Semantic Consistency: Maintaining logical and semantic coherence across multiple clips in a long video is difficult. This includes preserving object/character identity and ensuring that the sequence of events makes sense.
Data Quality: Existing video datasets often lack high-quality, detailed annotations that are necessary for training models to generate long narratives. Many videos are tagged with descriptions that are either too coarse or irrelevant to narrative generation.
Narrative Flow: Creating a seamless narrative flow that captures the progression of events over time is complex. This involves not just visual fidelity but also ensuring that the story being told is clear and engaging.
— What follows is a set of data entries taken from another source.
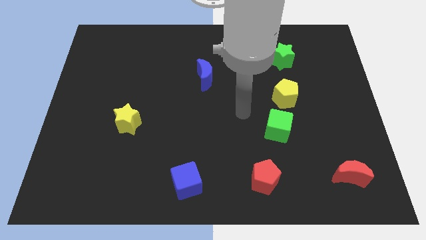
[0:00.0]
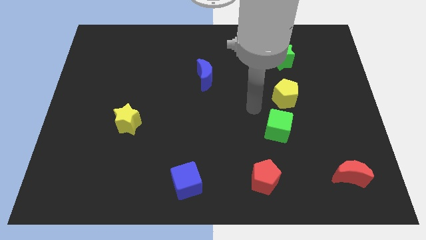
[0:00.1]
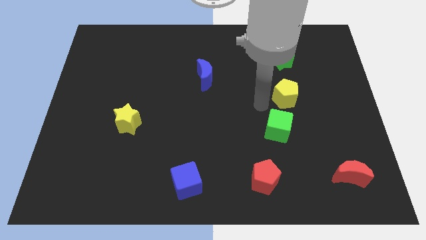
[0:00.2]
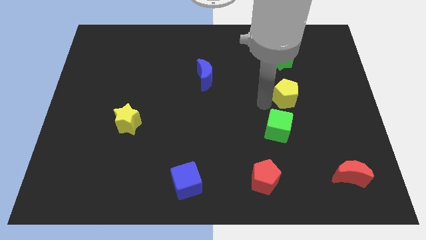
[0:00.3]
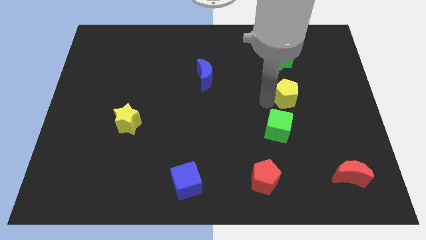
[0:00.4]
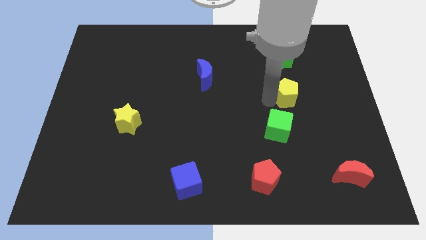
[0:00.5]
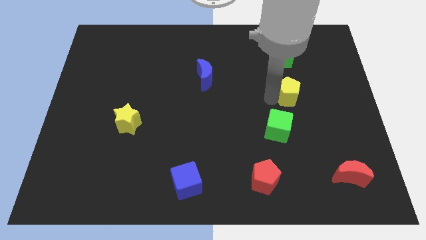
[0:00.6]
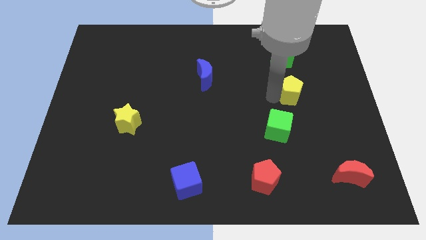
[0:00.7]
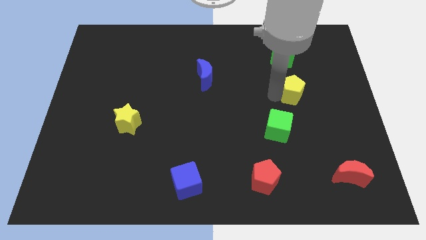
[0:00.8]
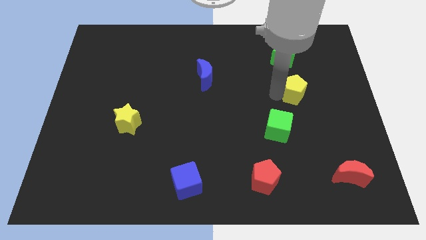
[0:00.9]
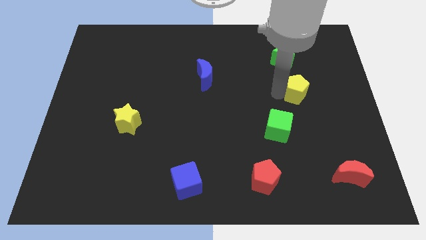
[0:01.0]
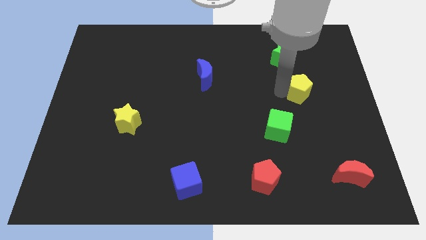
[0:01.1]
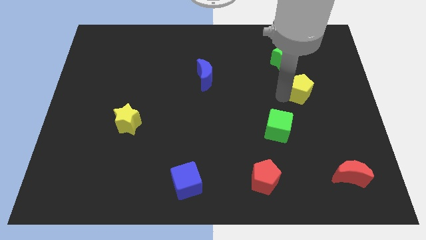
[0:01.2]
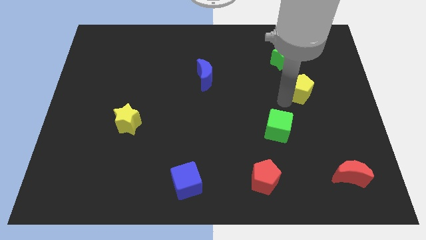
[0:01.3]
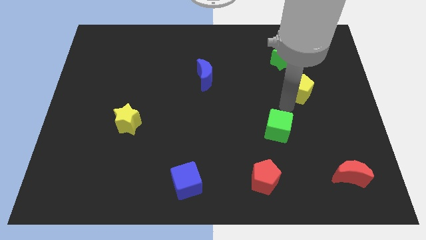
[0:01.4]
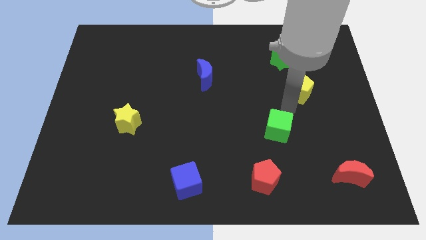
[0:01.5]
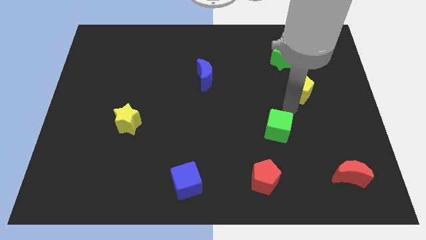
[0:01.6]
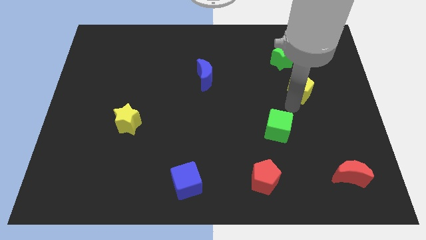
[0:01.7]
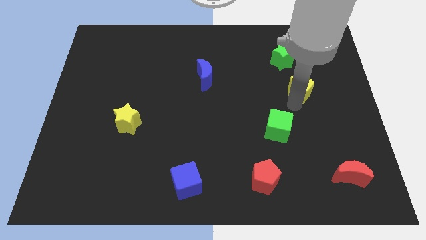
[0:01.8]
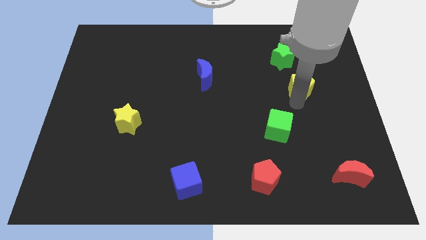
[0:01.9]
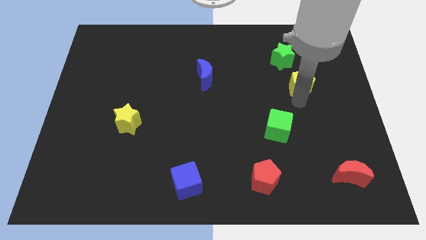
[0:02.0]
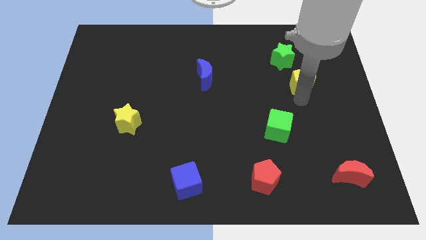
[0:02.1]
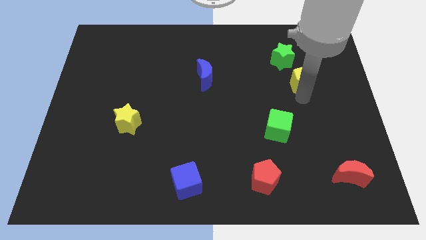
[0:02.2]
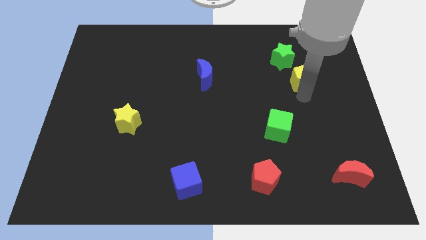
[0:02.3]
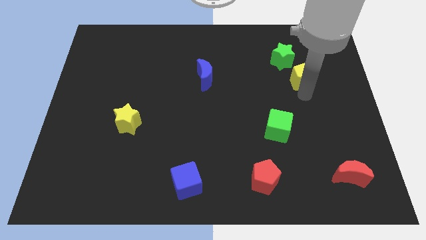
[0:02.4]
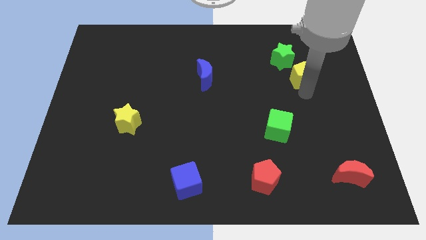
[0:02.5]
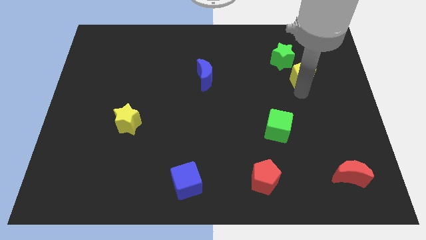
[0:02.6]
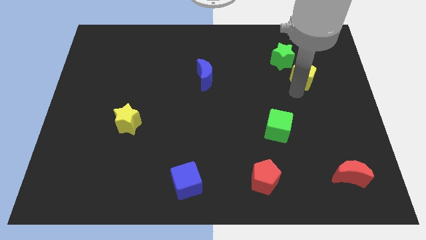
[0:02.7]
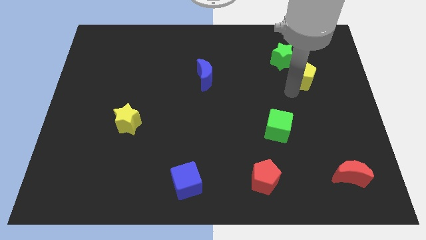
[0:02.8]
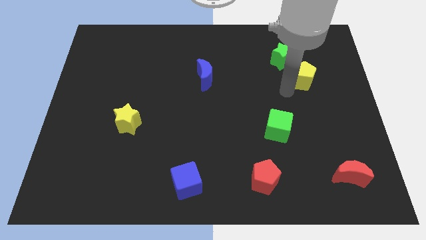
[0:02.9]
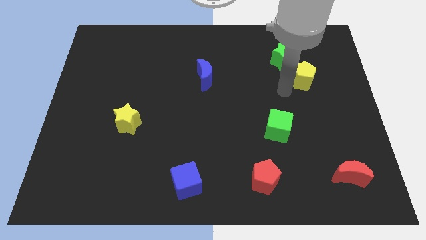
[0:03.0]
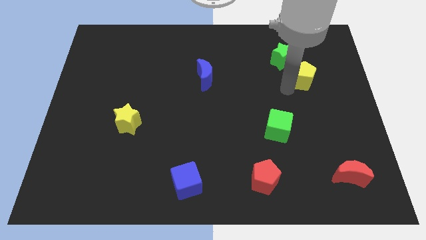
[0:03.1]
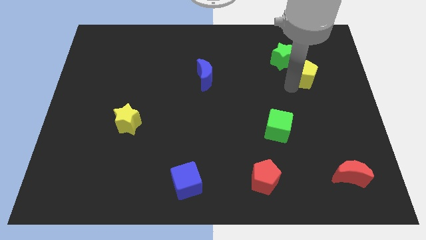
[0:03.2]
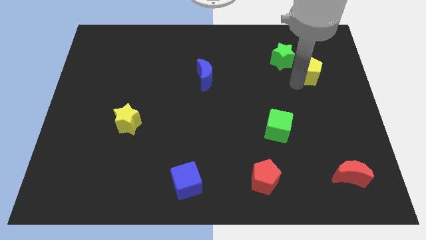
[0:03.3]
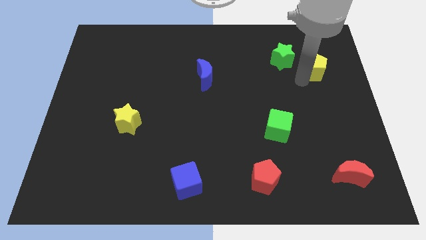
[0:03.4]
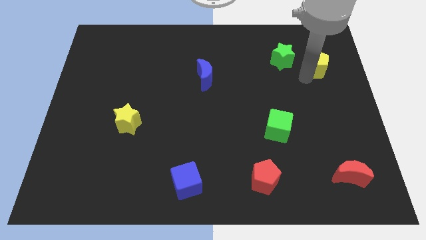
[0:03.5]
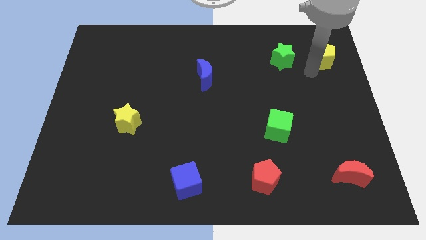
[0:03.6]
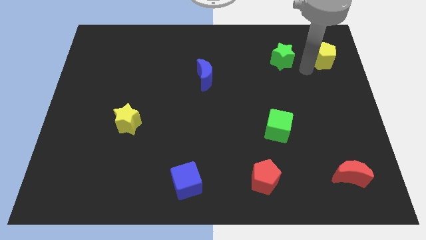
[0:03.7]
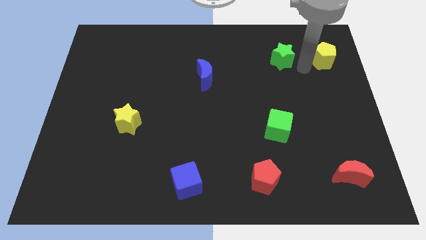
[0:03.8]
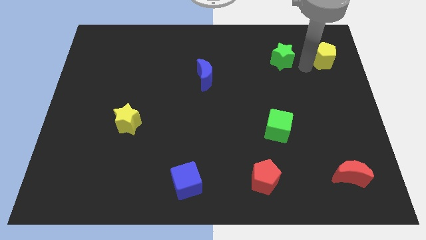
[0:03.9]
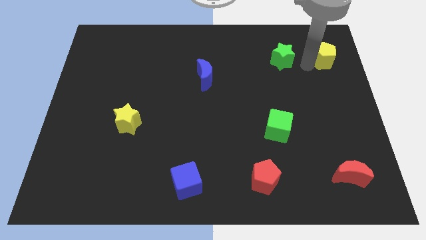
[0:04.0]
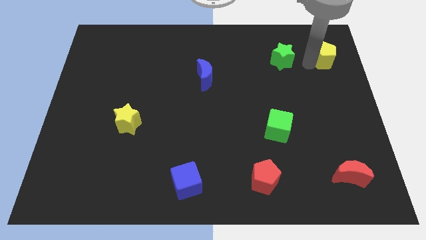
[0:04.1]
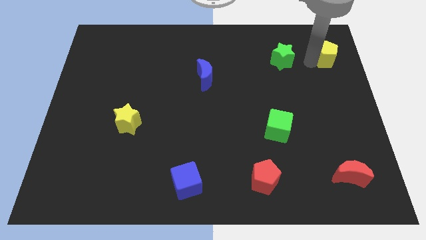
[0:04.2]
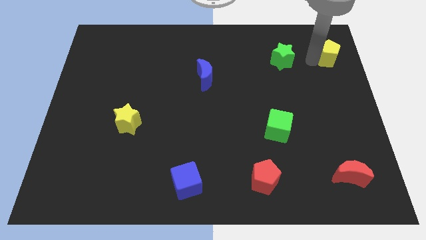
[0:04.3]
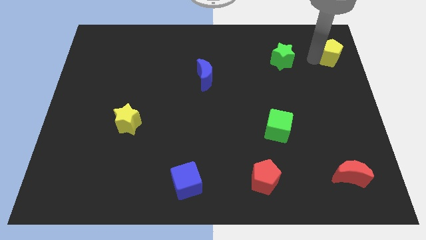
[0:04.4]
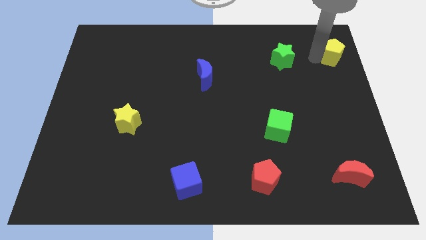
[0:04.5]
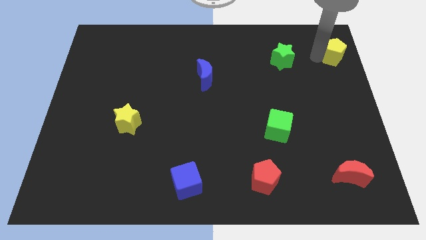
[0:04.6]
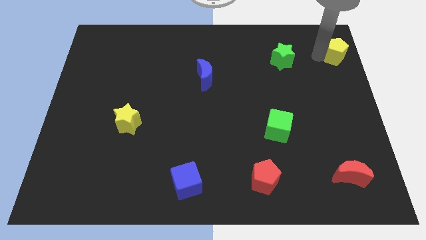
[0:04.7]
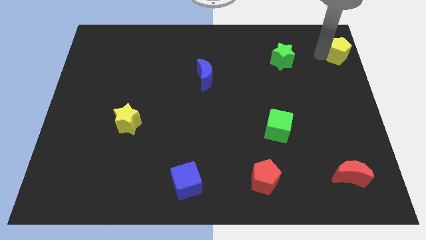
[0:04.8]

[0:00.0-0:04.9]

How VideoAuteur Solves the Problem

VideoAuteur addresses these challenges through a comprehensive approach that includes a novel dataset and an advanced video generation pipeline. Here’s how it tackles each problem:

High-Quality Dataset (CookGen):
- Dataset Curation: VideoAuteur introduces CookGen, a large-scale dataset focused on cooking videos. Cooking videos are chosen because they inherently have clear, step-by-step narratives that are easier to annotate and evaluate consistently.
- Annotation Quality: The dataset includes approximately 200,000 video clips, each with detailed annotations that capture the sequential actions and visual states necessary for narrative generation. This ensures that the data is rich enough to train models effectively.
- Caption-Action Matching: A caption-action matching mechanism is employed to extract narrative clips that follow the strict, step-by-step process inherent in cooking tasks. This ensures that the annotations are both relevant and detailed.
Long Narrative Video Director:
- Narrative Flow Generation: VideoAuteur includes a Long Narrative Video Director that generates a sequence of visual embeddings or keyframes representing the logical progression of the story. This component ensures that the generated video maintains semantic consistency across multiple clips.
- Visual and Semantic Coherence: By aligning visual embeddings, the director enhances both visual and semantic coherence in the generated videos. This alignment is crucial for maintaining the integrity of the narrative over long sequences.
Auto-Regressive Pipeline:
- Interleaved Image-Text Model: VideoAuteur employs an interleaved image-text auto-regressive model to generate visual states. This model integrates text and image embeddings within the video generation process, ensuring that the generated frames are semantically aligned with the narrative.
- Visual-Conditioned Video Generation: The pipeline includes a visual-conditioned video generation model that uses the visual embeddings produced by the narrative director to generate the final video. This model is fine-tuned to ensure high visual fidelity and coherence.

Overview of CookGen

Purpose: CookGen addresses the lack of high-quality datasets for long narrative video generation. It provides detailed annotations (captions, actions, and visual states) to support training and evaluation of NVG models.
Domain: Cooking videos are chosen because they follow a pre-defined sequence of actions, making them ideal for learning and evaluating narrative coherence.
Scale: The dataset contains ~200,000 video clips sourced from 30,000+ raw videos, with an average clip duration of 9.5 seconds.
Annotations: Each clip is annotated with dense captions (average of 763.8 words per video) and action descriptions, ensuring rich semantic information for training.

Dataset Creation Pipeline

The creation of CookGen involves several steps to ensure high-quality annotations and narrative consistency:

Step 1: Video Preprocessing

Filtering: Videos are filtered to remove logos, watermarks, and low-quality content.
Cropping: Clips are extracted to focus on relevant cooking actions.

Step 2: Captioning

Caption Generation: A video captioner is trained using a Vision-Language Model (VLM) inspired by LLaVA-Hound.
- Data Collection: Captions are generated using GPT-4o, focusing on:
  - Object attributes (e.g., ingredients, tools).
  - Subject-object interactions (e.g., chopping vegetables).
  - Temporal dynamics (e.g., sequence of actions).
- Fine-Tuning: The captioner is fine-tuned using LLaVA-NEXT to optimize performance.

Step 3: Action Annotation

Action Labels: Actions are annotated using ASR-based pseudo-labels from HowTo100M.
Refinement: Labels are refined using Large Language Models (LLMs) to improve accuracy and capture narrative context.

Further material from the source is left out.